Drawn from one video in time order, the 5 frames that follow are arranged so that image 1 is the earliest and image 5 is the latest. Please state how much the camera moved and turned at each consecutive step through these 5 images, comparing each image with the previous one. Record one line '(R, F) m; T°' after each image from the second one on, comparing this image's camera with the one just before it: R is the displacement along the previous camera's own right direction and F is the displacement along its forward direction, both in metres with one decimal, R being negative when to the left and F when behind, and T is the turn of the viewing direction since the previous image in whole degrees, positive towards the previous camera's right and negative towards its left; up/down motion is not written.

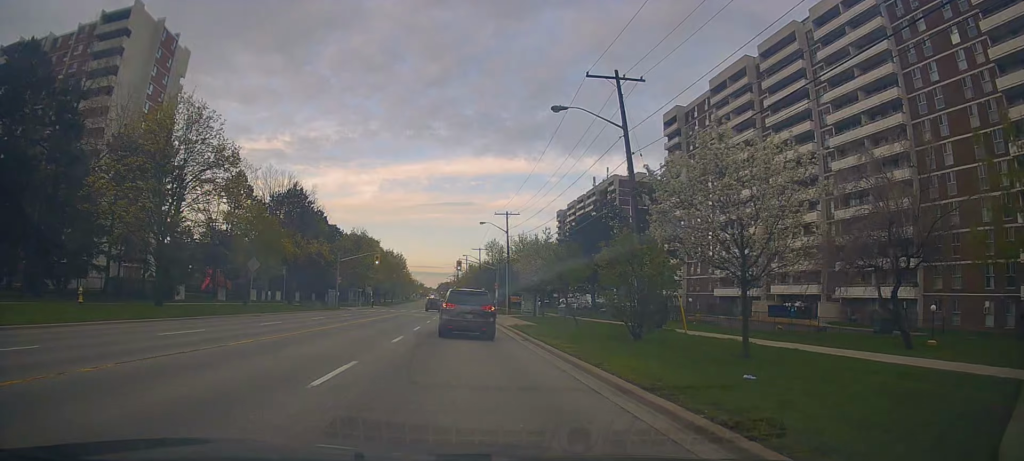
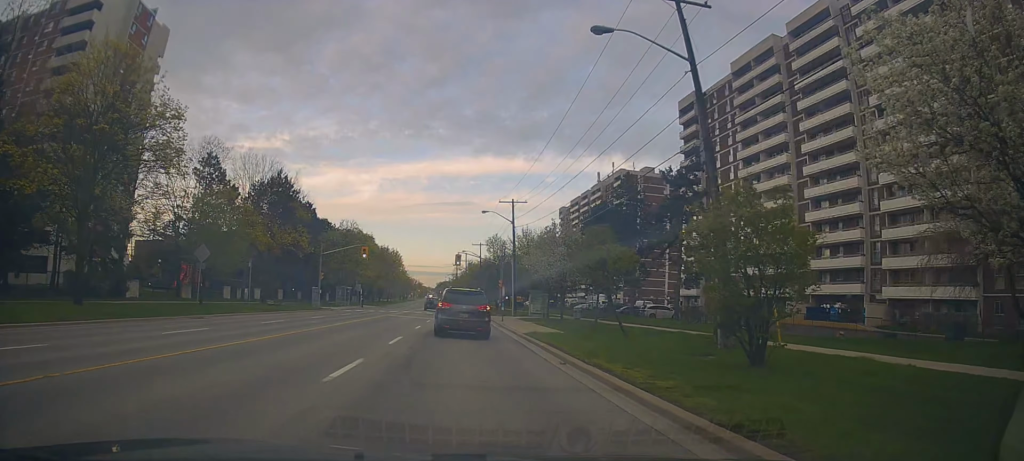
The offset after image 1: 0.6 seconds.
(-0.1, +8.2) m; 0°
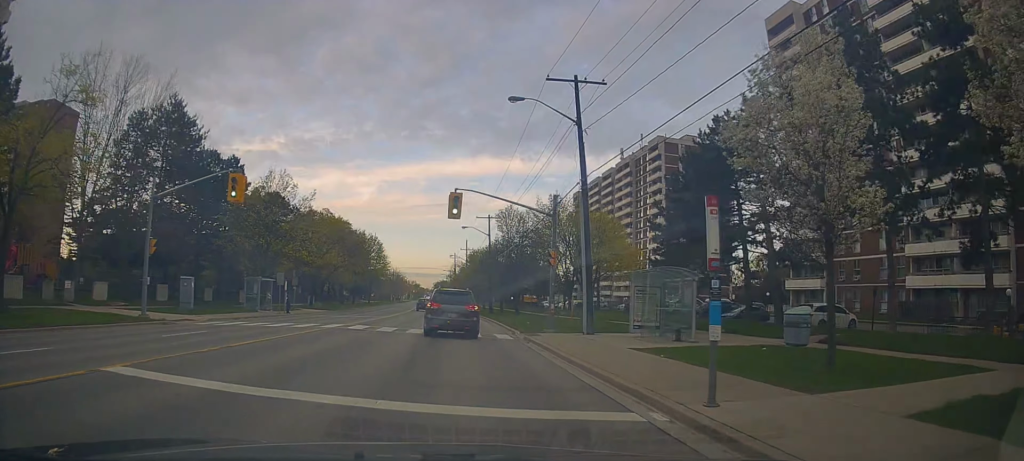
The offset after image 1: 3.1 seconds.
(+0.3, +33.2) m; 0°
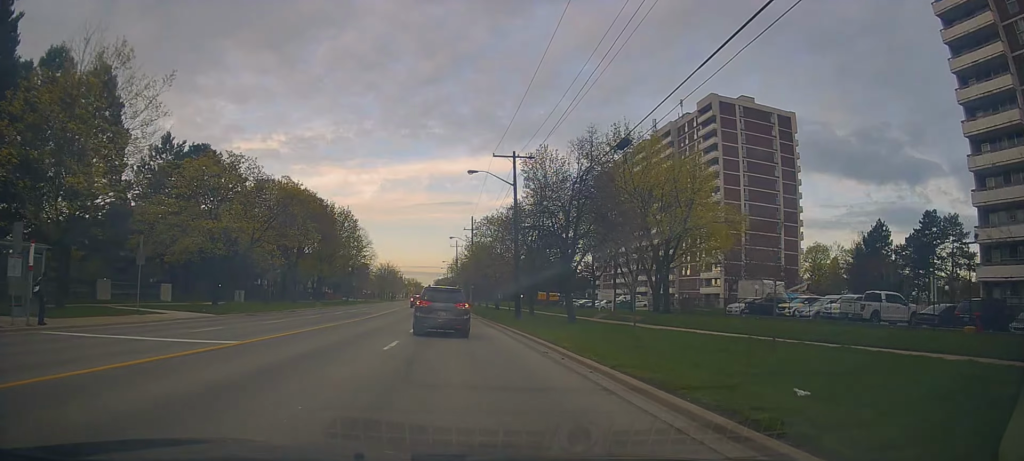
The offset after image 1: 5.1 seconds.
(+0.2, +28.5) m; +1°
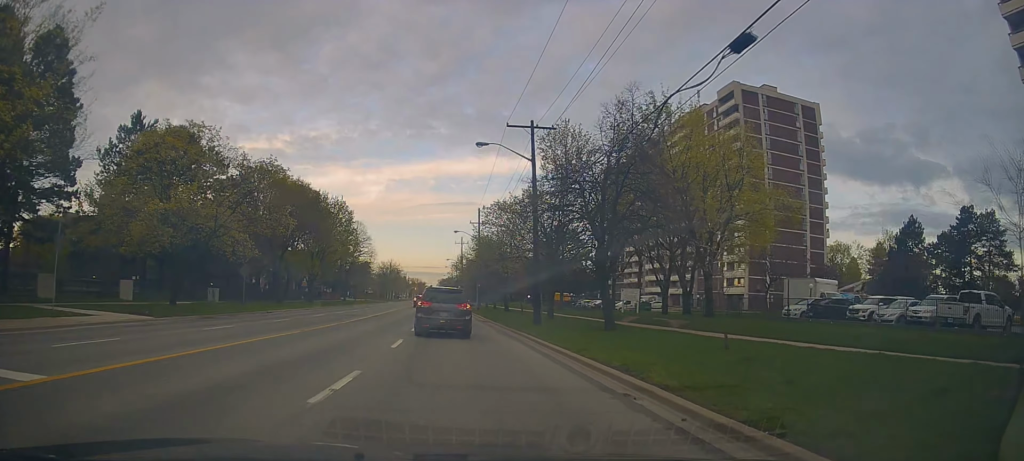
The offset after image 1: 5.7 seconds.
(0.0, +7.1) m; 0°
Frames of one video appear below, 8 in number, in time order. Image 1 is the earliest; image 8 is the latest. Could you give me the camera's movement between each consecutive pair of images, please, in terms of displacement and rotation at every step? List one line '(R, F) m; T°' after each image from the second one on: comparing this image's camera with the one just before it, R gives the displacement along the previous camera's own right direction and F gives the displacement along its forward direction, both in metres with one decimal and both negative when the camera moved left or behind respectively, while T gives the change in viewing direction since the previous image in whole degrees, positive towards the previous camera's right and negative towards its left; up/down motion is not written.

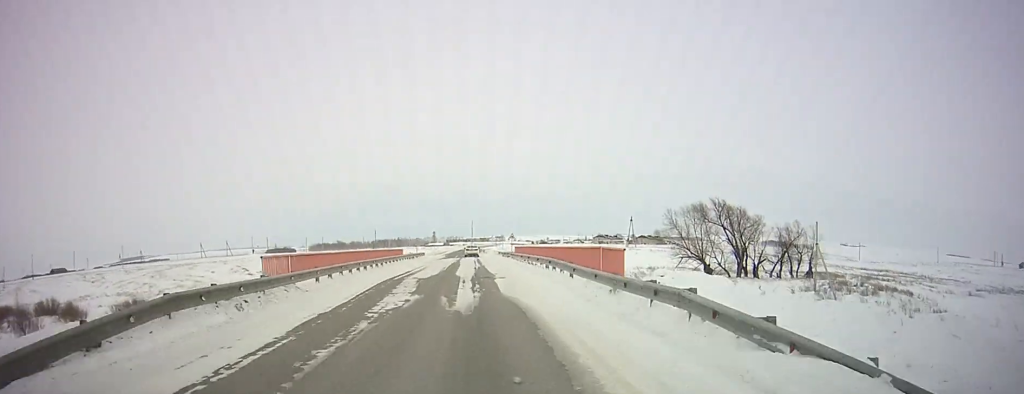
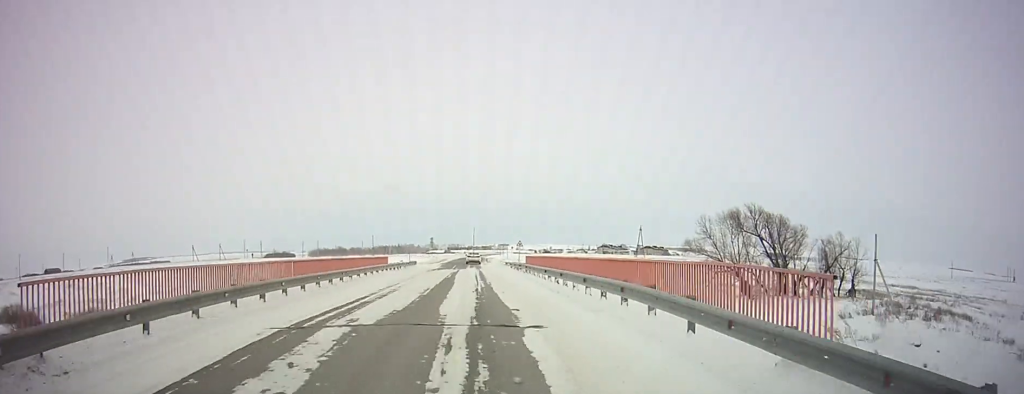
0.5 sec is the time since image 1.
(0.0, +12.1) m; 0°
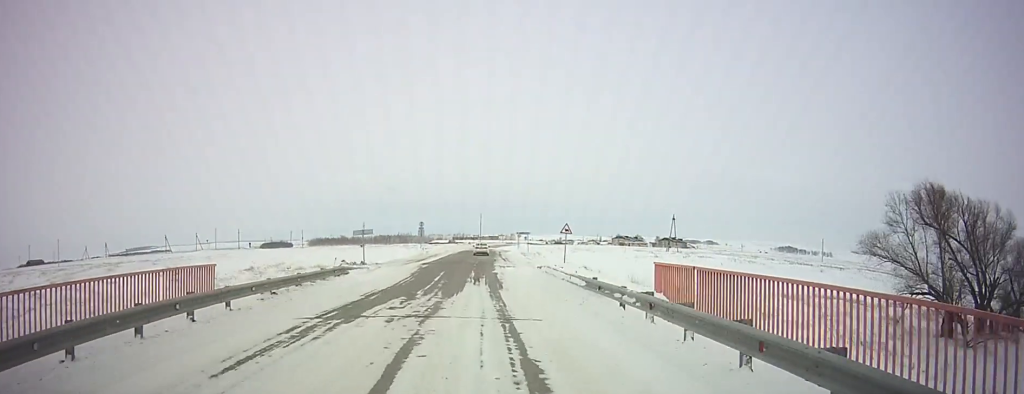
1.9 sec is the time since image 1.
(+0.2, +36.1) m; 0°
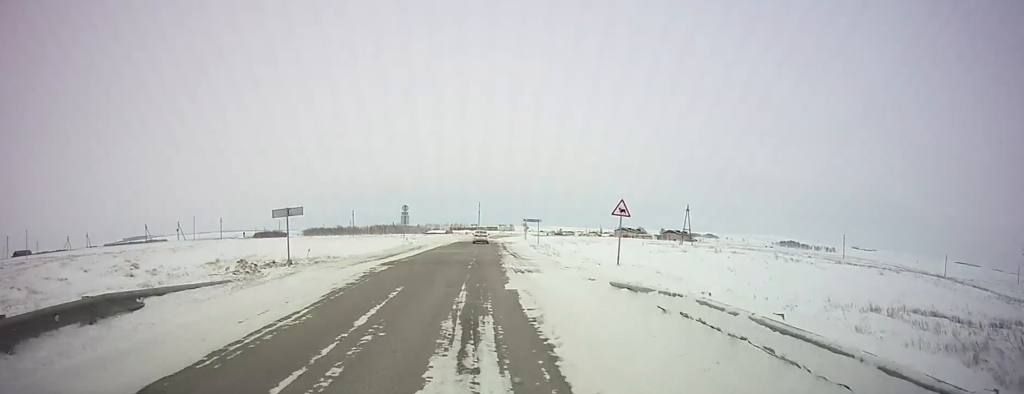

|---|

[ASSIGNED TASK]
For this copy, leave pictures out and reproduce the lines from the one bearing "The offset after image 1: 5.7 seconds." through the final line of the listing above, both ends included.

[EXERCISE ANSWER]
The offset after image 1: 5.7 seconds.
(0.0, +7.1) m; 0°
Frames of one video appear below, 8 in number, in time order. Image 1 is the earliest; image 8 is the latest. Could you give me the camera's movement between each consecutive pair of images, please, in terms of displacement and rotation at every step? List one line '(R, F) m; T°' after each image from the second one on: comparing this image's camera with the one just before it, R gives the displacement along the previous camera's own right direction and F gives the displacement along its forward direction, both in metres with one decimal and both negative when the camera moved left or behind respectively, while T gives the change in viewing direction since the previous image in whole degrees, positive towards the previous camera's right and negative towards its left; up/down motion is not written.

0.5 sec is the time since image 1.
(0.0, +12.1) m; 0°
1.9 sec is the time since image 1.
(+0.2, +36.1) m; 0°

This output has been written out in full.